──────── INPUT DATA ────────
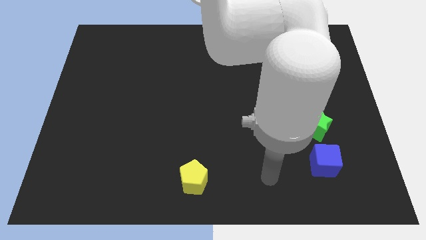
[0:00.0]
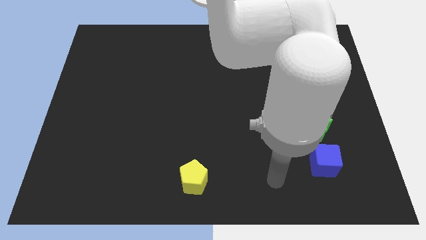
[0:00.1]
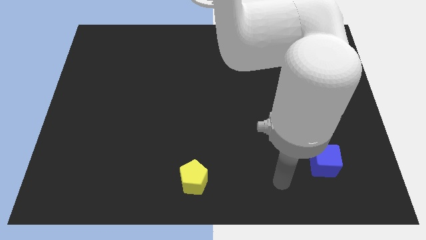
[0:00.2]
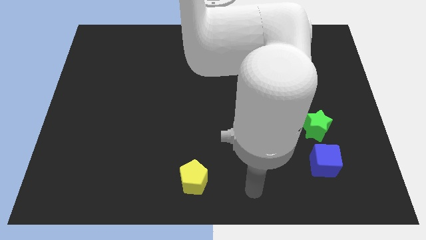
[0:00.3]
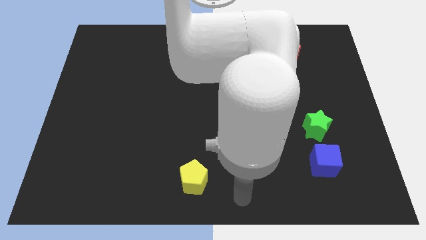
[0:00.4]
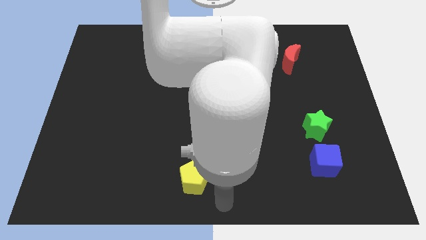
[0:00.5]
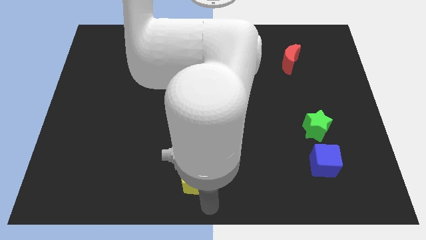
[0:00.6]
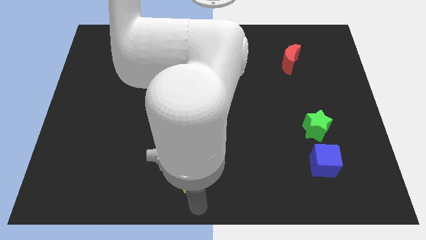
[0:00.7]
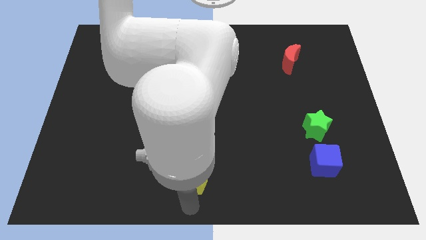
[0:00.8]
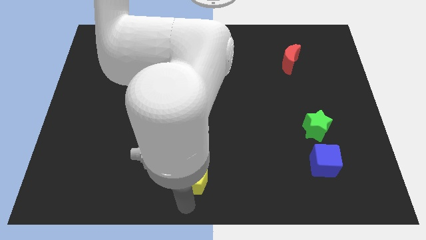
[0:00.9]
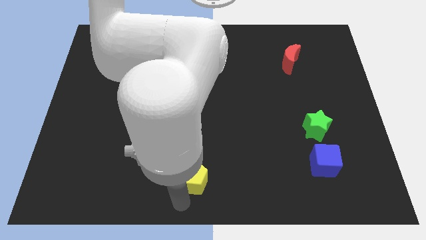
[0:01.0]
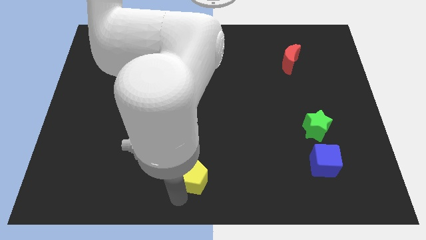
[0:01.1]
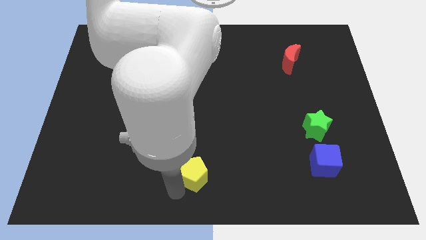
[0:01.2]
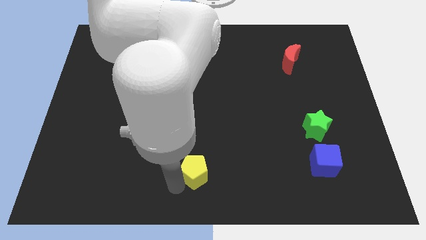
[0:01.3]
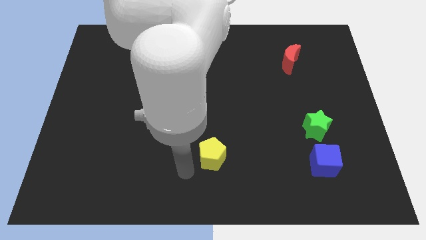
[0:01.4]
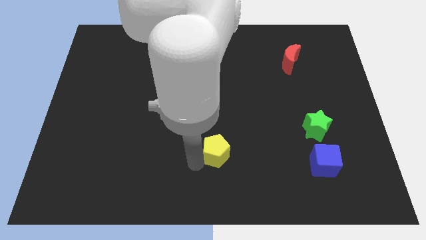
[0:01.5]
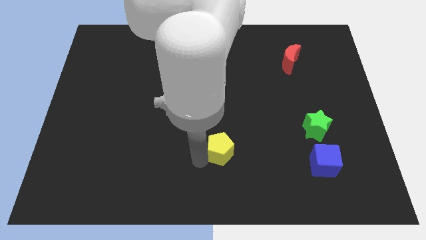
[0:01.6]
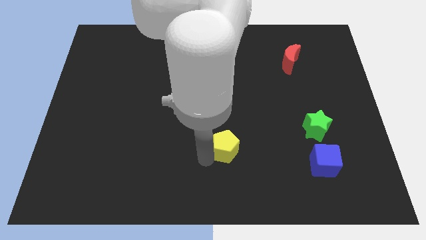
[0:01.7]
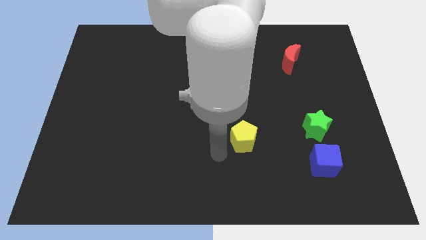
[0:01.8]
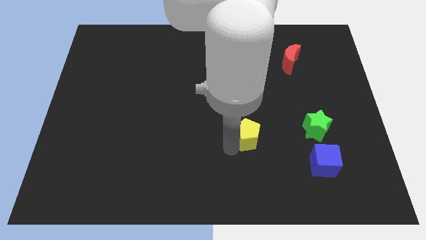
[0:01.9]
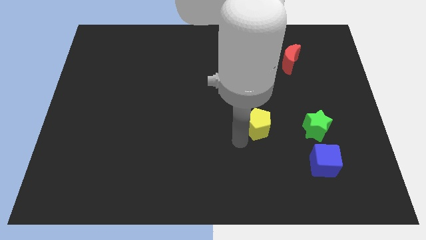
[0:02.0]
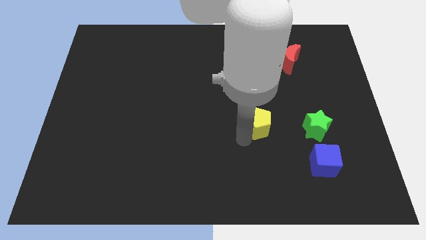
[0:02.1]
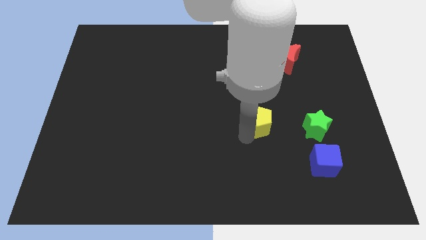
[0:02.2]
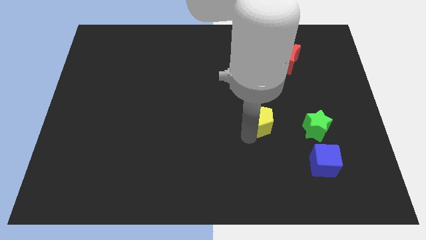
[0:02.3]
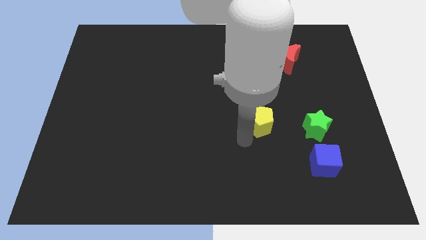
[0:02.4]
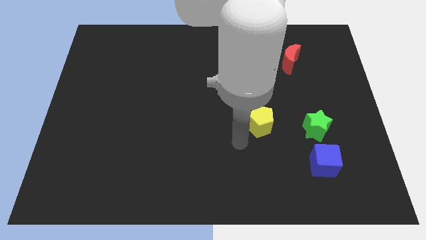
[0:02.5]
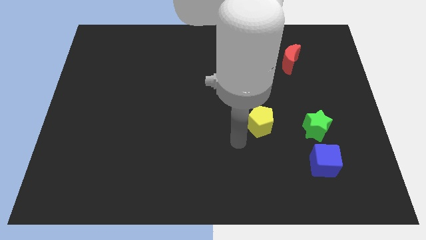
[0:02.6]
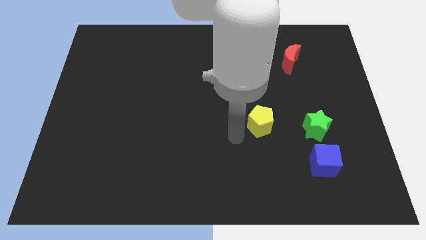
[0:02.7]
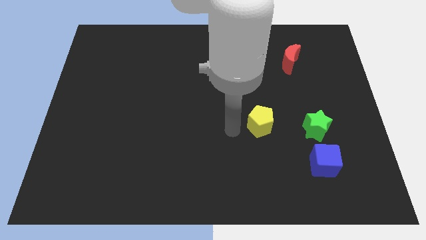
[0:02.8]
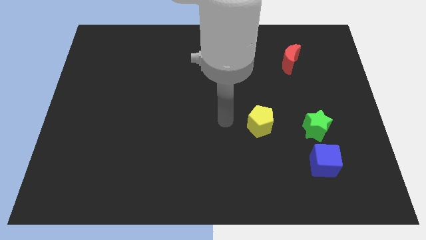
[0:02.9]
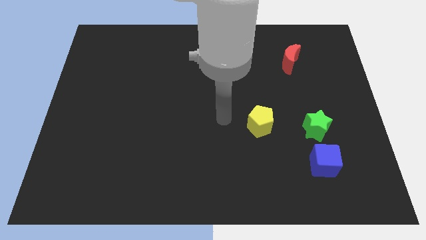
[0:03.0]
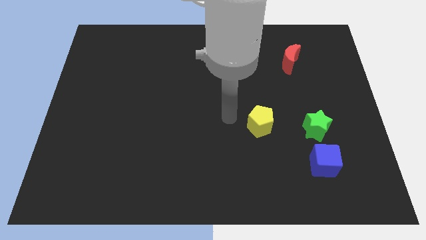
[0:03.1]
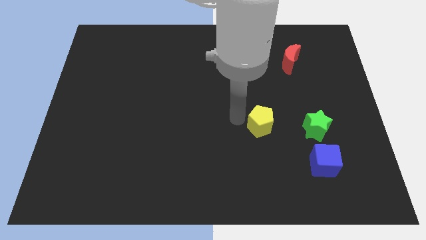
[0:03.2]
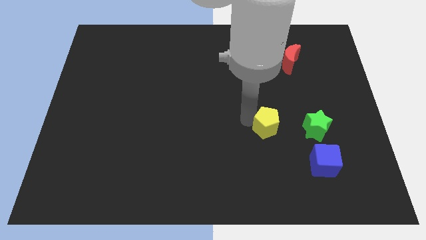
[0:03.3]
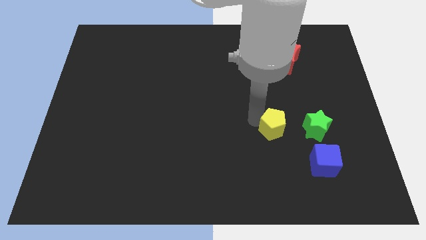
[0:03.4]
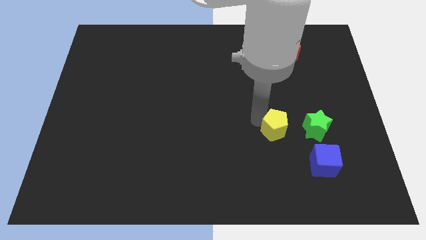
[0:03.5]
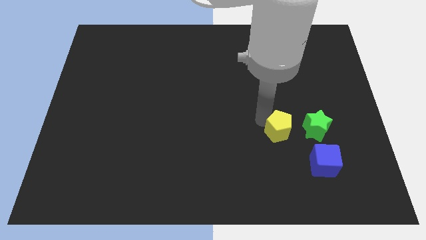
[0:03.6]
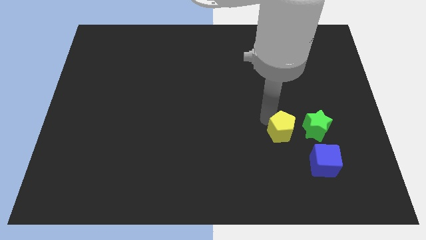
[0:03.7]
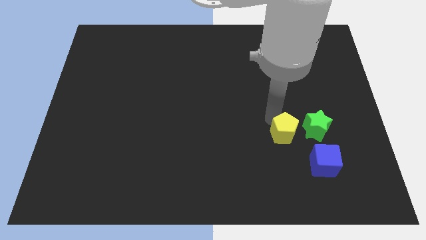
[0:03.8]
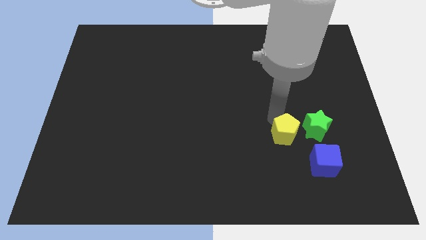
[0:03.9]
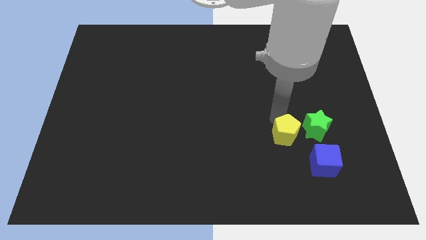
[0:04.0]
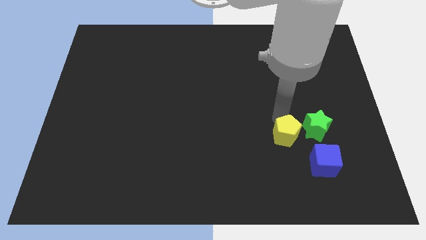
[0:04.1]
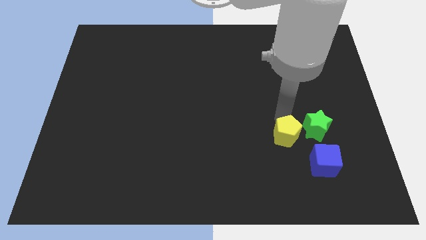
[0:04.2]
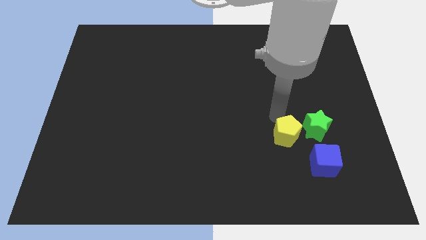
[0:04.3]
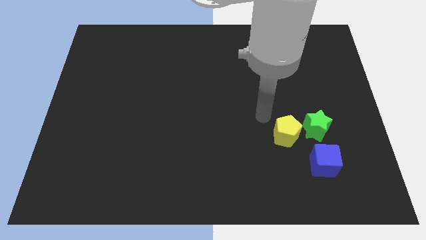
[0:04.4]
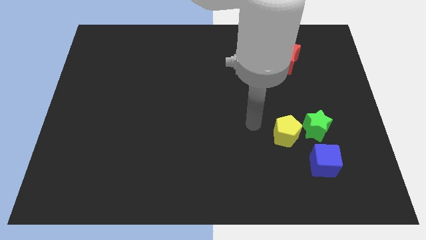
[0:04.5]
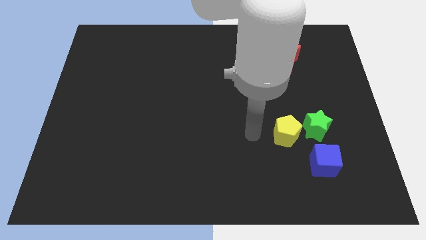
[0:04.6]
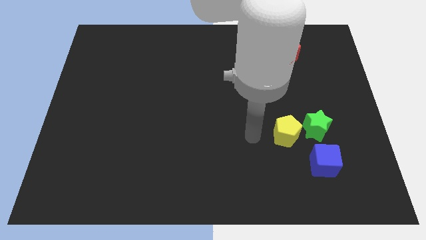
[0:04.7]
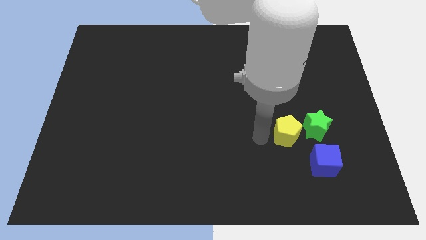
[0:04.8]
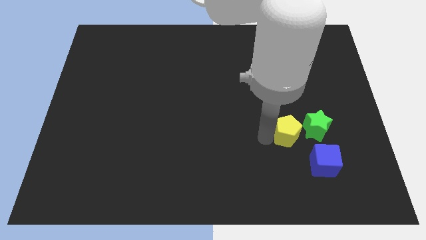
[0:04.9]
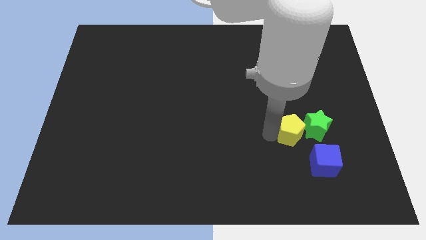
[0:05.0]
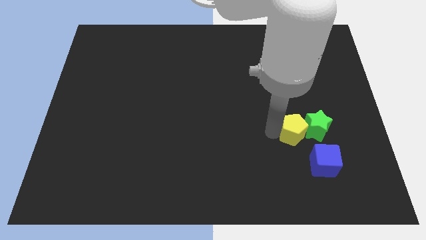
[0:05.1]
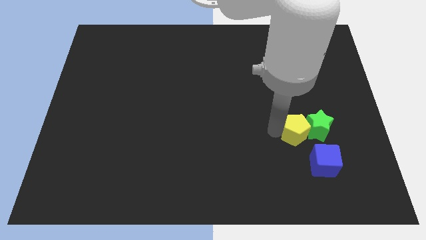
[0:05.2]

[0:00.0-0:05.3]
put the yellow pentagon next to the green block
────────
Repeat the records above word for word, keeping no pictures in the copy.

• RESPONSE BELOW:
[0:00.0]
[0:00.1]
[0:00.2]
[0:00.3]
[0:00.4]
[0:00.5]
[0:00.6]
[0:00.7]
[0:00.8]
[0:00.9]
[0:01.0]
[0:01.1]
[0:01.2]
[0:01.3]
[0:01.4]
[0:01.5]
[0:01.6]
[0:01.7]
[0:01.8]
[0:01.9]
[0:02.0]
[0:02.1]
[0:02.2]
[0:02.3]
[0:02.4]
[0:02.5]
[0:02.6]
[0:02.7]
[0:02.8]
[0:02.9]
[0:03.0]
[0:03.1]
[0:03.2]
[0:03.3]
[0:03.4]
[0:03.5]
[0:03.6]
[0:03.7]
[0:03.8]
[0:03.9]
[0:04.0]
[0:04.1]
[0:04.2]
[0:04.3]
[0:04.4]
[0:04.5]
[0:04.6]
[0:04.7]
[0:04.8]
[0:04.9]
[0:05.0]
[0:05.1]
[0:05.2]

[0:00.0-0:05.3]
put the yellow pentagon next to the green block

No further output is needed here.